Seme Dewis met l’affaire en parallèle. « Ici au Chili, les policiers vous frapperont si vous les attaquez uniquement. Pas question pour un policier de vous voir et de vous arrêter. Il ne peut le faire mon ami. Même quand ils filment votre arrestation, ils floutent votre visage. »
Partir, comme seule solution
Dewis a fini ses études classiques au Collège Lumière de Miragoane. Puis, il rentre à Port-au-Prince afin d’entamer un parcours universitaire. « J’étais en gestion des affaires à l’UNITECH de l’avenue N. Je n’ai pas pu terminer ces études faute de moyens économiques ».
Comme beaucoup de jeunes de sa génération, Dewis fait une excursion dans la politique. Il rejoint le sénateur des Nippes, Nenel Cassy qui finira par baptiser son enfant. Dans la foulée, il trouve du travail au Bureau de Monétisation des Programmes d’Aide au Développement (BMPAD) avant de sauter sur la première occasion de quitter le pays.

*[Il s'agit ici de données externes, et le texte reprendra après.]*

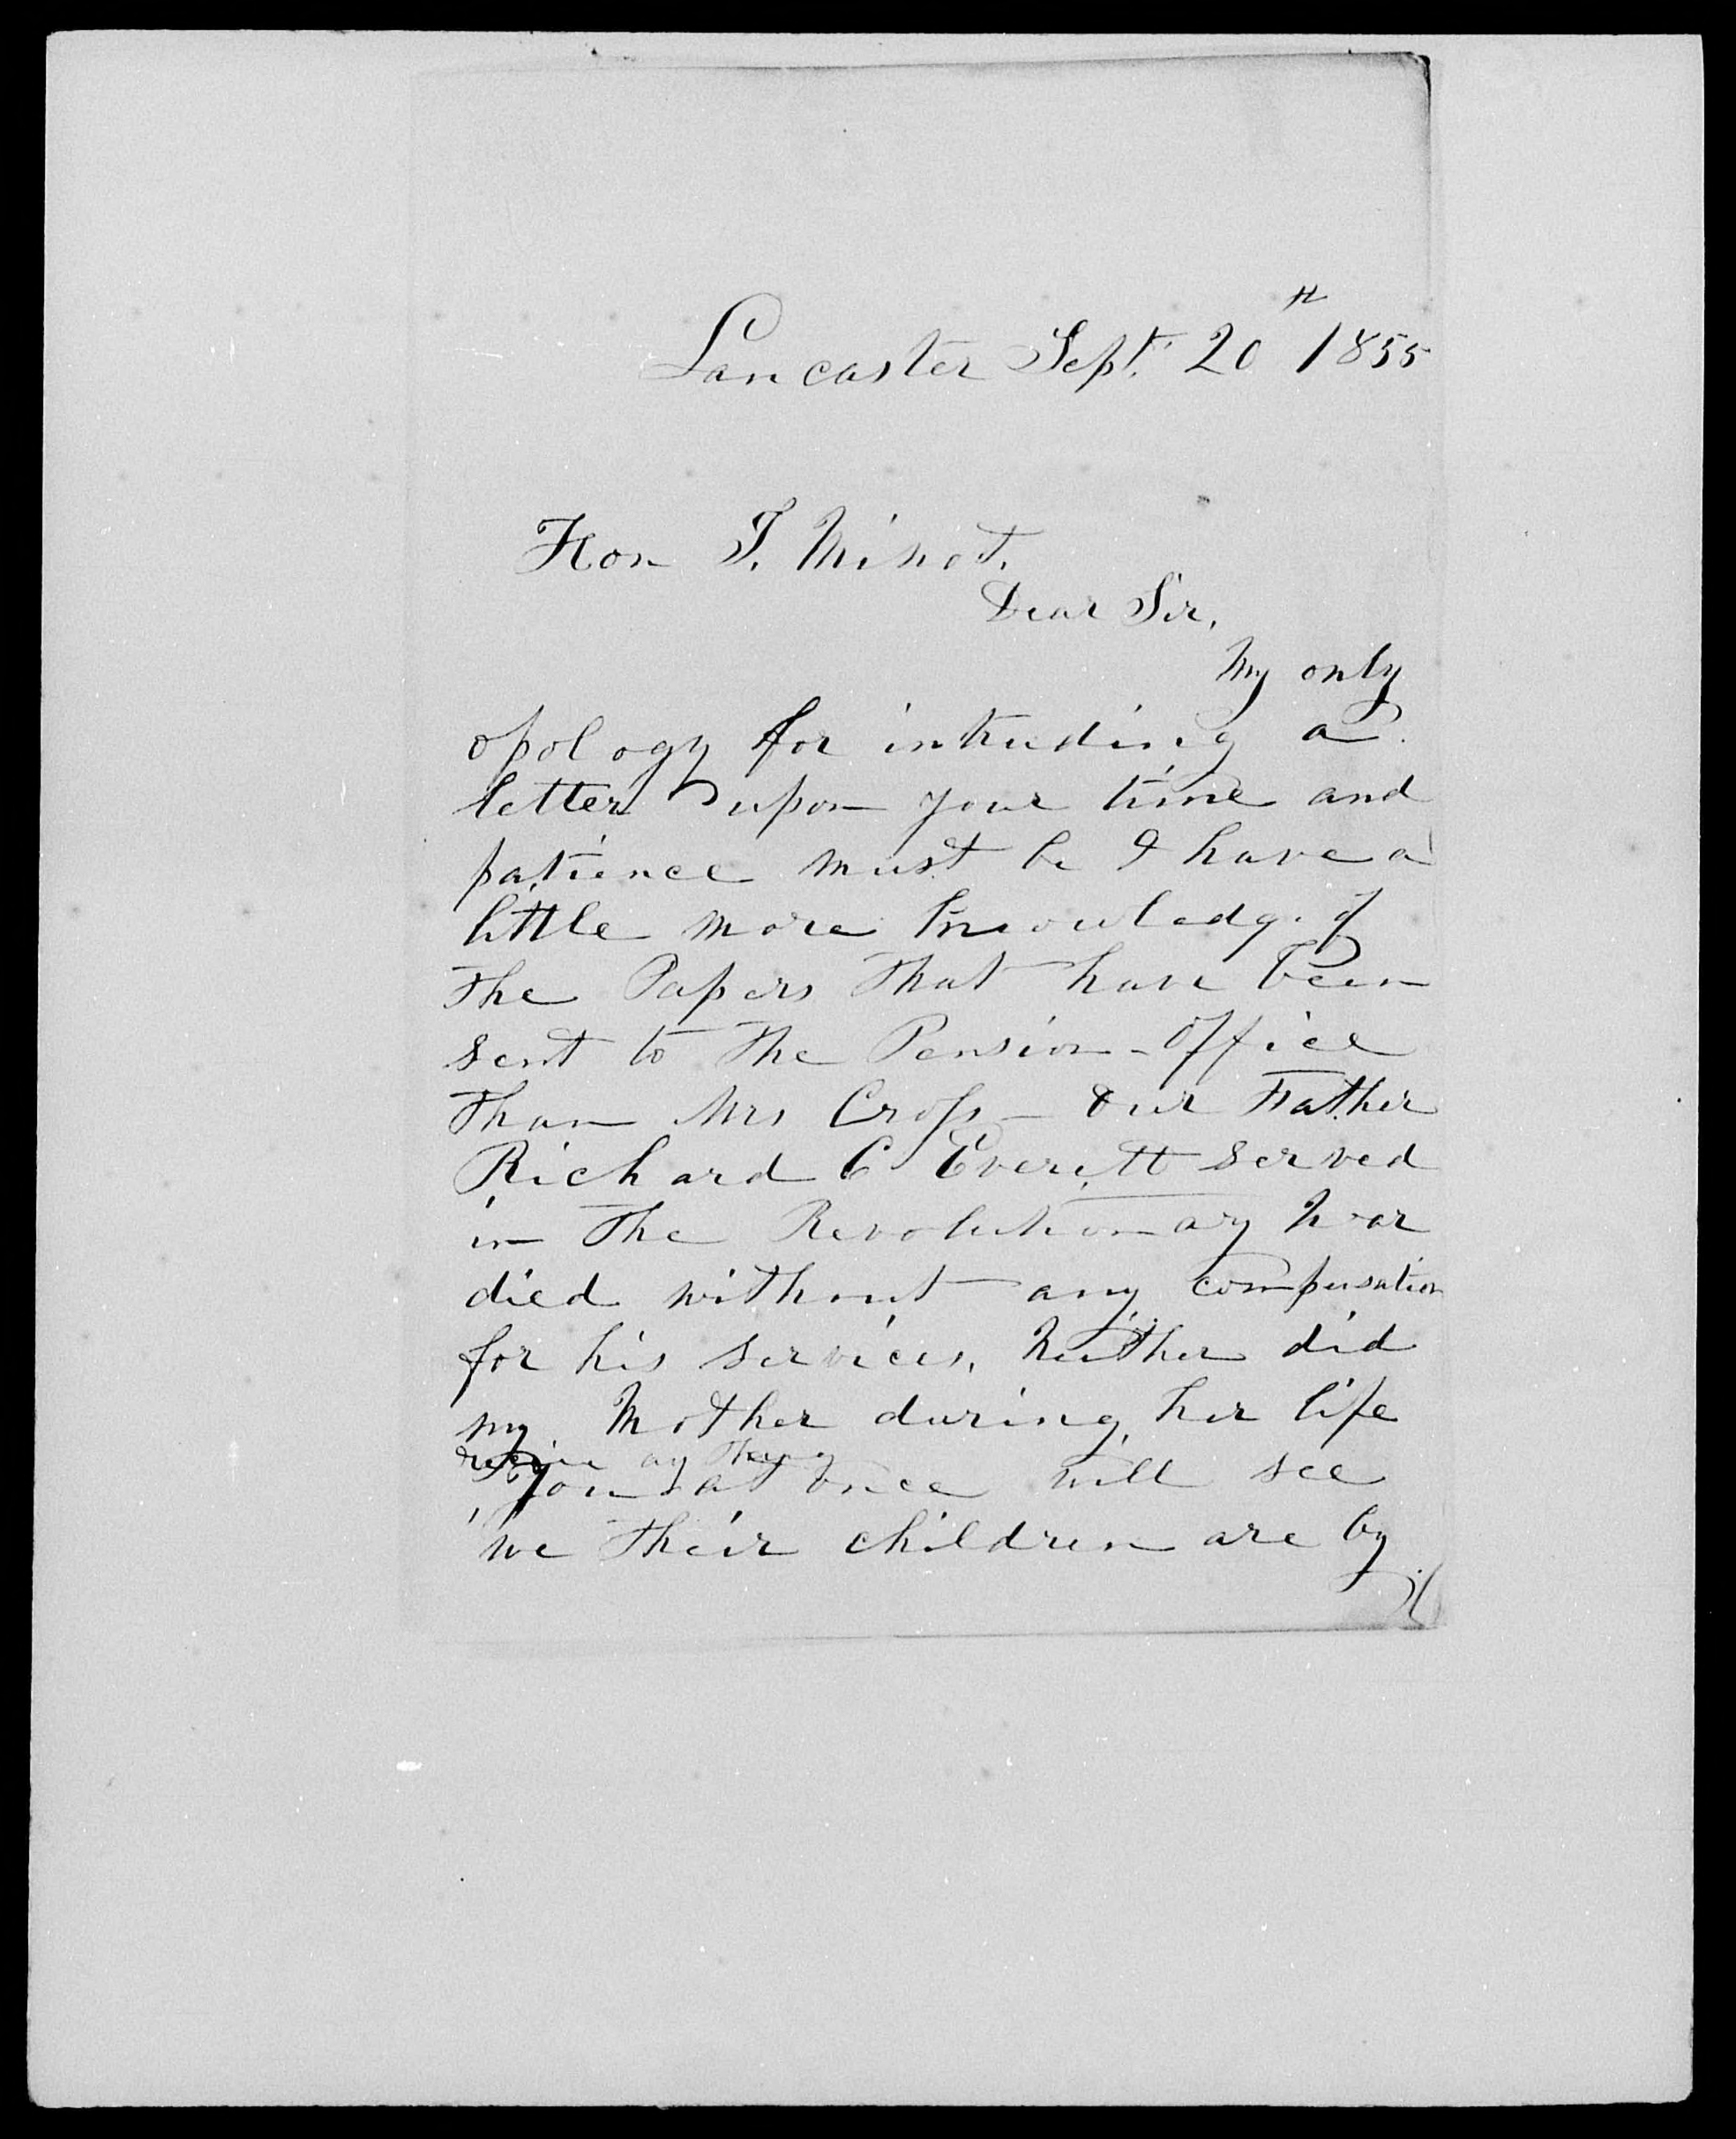Lancaster Sept 20th 1855

Hon J. Minot.
Dear Sir.
My only apology for intruding a letter upon your time and patience must be I have a little more knowledge of
the papers that have been sent to the Pension Office
than Mrs Cross-- our Father Richard C Everitt served
in the Revolutionary War   died without any compensation
for his services, neither did my Mother during her life
receive anything   You at once will see we their children are
by

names: Richard C Everett, Cross, J Minot
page: 35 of 59
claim: widow's
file: W. 23017, Richard Clair Everett, Mass.
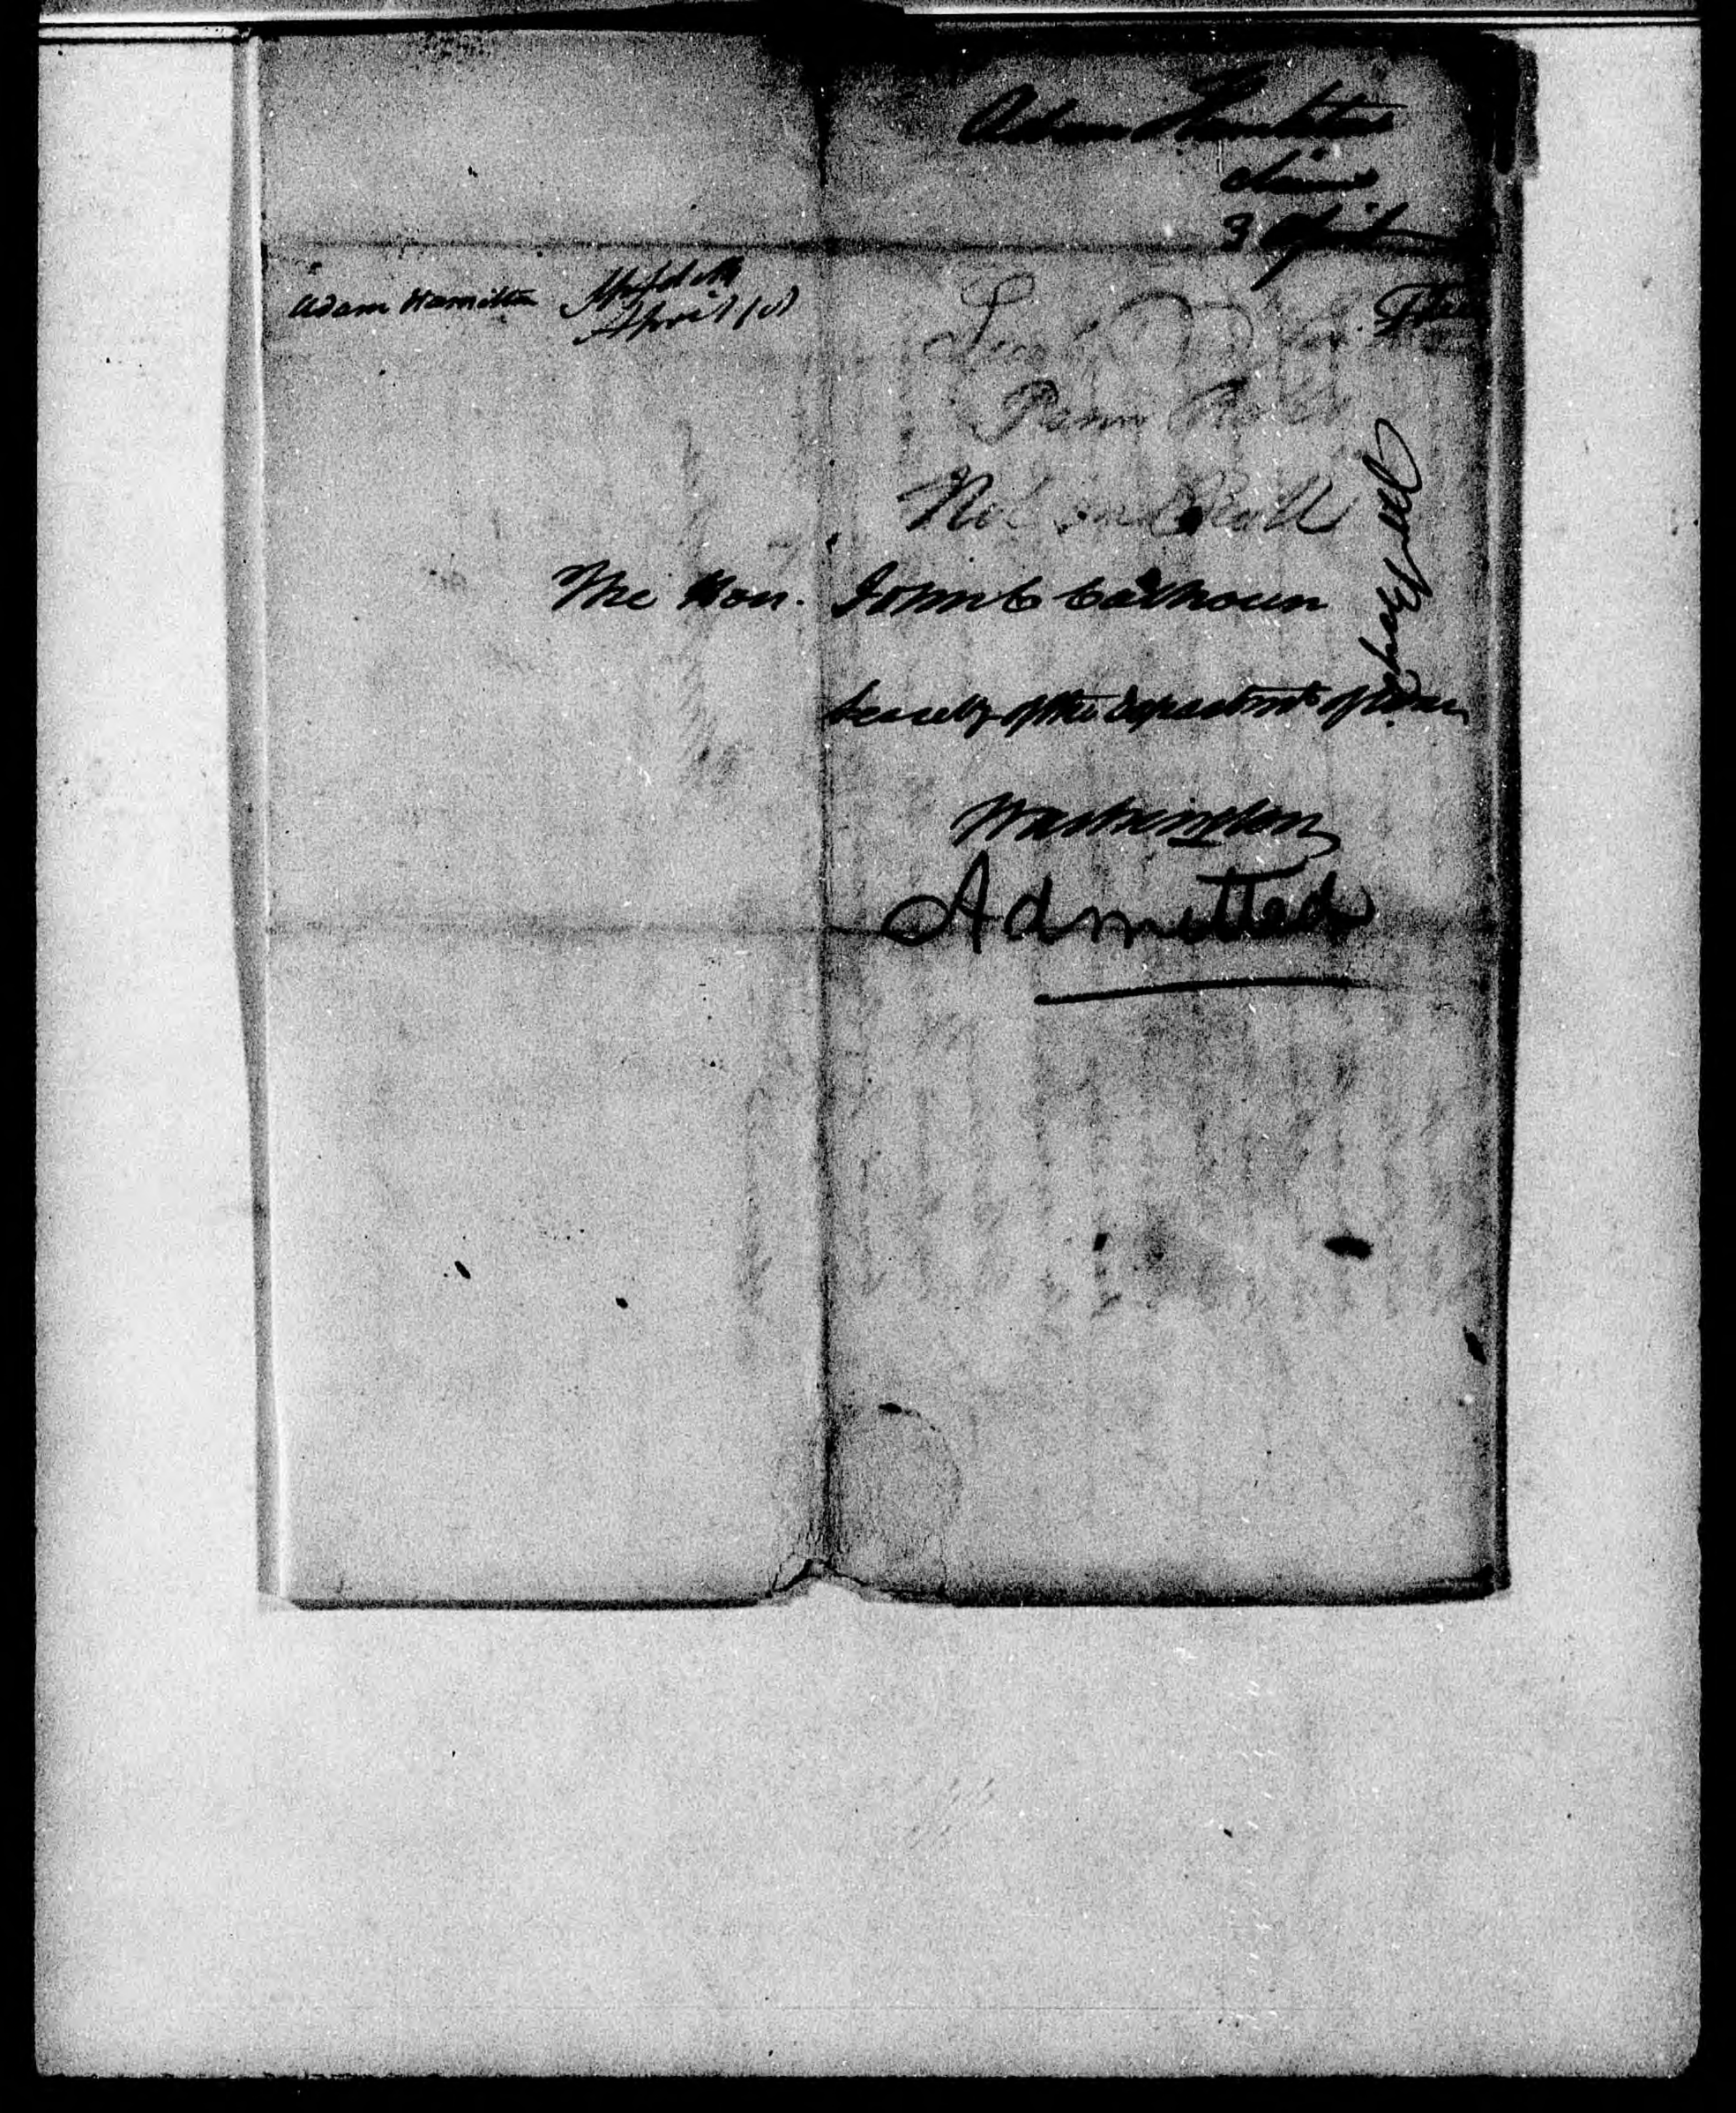Adam Hamilton's Claim 3 April 

Adam Hamilton (illegible) April 1st.
 
(illegible) for the Penna. rolls 
Not on Rolls.

The Hon. John C. Calhoun
Secretary of the Department of War.
Washington

Admitted. 
Wm. Boyd.

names: Boyd, Adam Hamilton, Adam Hamilton, John C Calhoun
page: 4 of 12
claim: survivor's
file: S. 32796, Adam Hamilton, Penn.

« Si Vladimy m’avait expliqué son intention de rentrer en Haïti, je lui aurais déconseillé », lance Dewis. « Quand vous regardez le pays, vous n’êtes pas en sécurité, vous ne vivez pas. »
Tout n’est pas rose au Chili
Si le Chili s’offre comme planche de survie, le trajet vers l’acceptation sociale et la prospérité demeure parsemé de xénophobie et de racisme pour une grande partie des Haïtiens évoluant dans ce pays. L’accueil allait se refroidir encore plus avec l’élection du président de droite Sebastián Piñera en mars 2018.
Sous couvert de son fameux plan intitulé « Ordonner la maison », la nouvelle administration va introduire une politique migratoire explicitement moins favorable aux Haïtiens.
Entre autres mesures, un visa sera désormais exigé aux touristes haïtiens avec interdiction de travailler ou de mener des activités lucratives au Chili, un plan de départ volontaire permettront à ceux qui le désirent de revenir chez eux alors que la menace d’une déportation massive guette les milliers d’autres qui ne sont pas en situation régulière ou manquent les documents demandés par les autorités chiliennes.
« Ordonner la maison » a presque effectivement fermé les portes du Chili. En 12 mois environ, l’immigration haïtienne dans le pays a été réduite de 62 %.
Au-delà du plan, les actes d’hostilité contre la communauté haïtienne associée à la pauvreté et au désordre se multiplient. « La première barrière que les Haïtiens ont au Chili n’est pas la langue, mais la couleur de la peau », révèle la sociologue Maria Émilia Tijoux.
« À mon travail, corrobore Seme Dewis, les blancs vont parfois sur YouTube et regardent ce qui se passe dans mon pays. Si Haïti n’est pas écrit sur l’image, je dis que ça se passe en Afrique, mais je sais qu’il s’agit d’Haïti. Quand ils constatent que c’est effectivement Haïti, vous ne pouvez plus vous cacher. »
L’enquête se poursuit
Au sein de l’IGPNH, l’enquête sur la mort de Vladimy Fédé se poursuit. En tout, 10 personnes ont été auditionnées. Les policiers du détachement en cause sont placés en isolement, informait Jean Claude Benjamin 18 septembre dernier. Il précise que d’autres actions se poseront avant le renvoi du dossier vers la justice pour les suites légales.
Ceci ne rassure pas Pierre Espérance, convaincu qu’il y a beaucoup de complicités au sein de l’institution.
Entre temps, Seme Dewis et la famille du défunt font leur deuil. « Je le revois partager ses rêves et ses plans avec moi. En regardant les photos de son corps sans vie, j’ai la même sensation que lorsqu’il était avec moi ».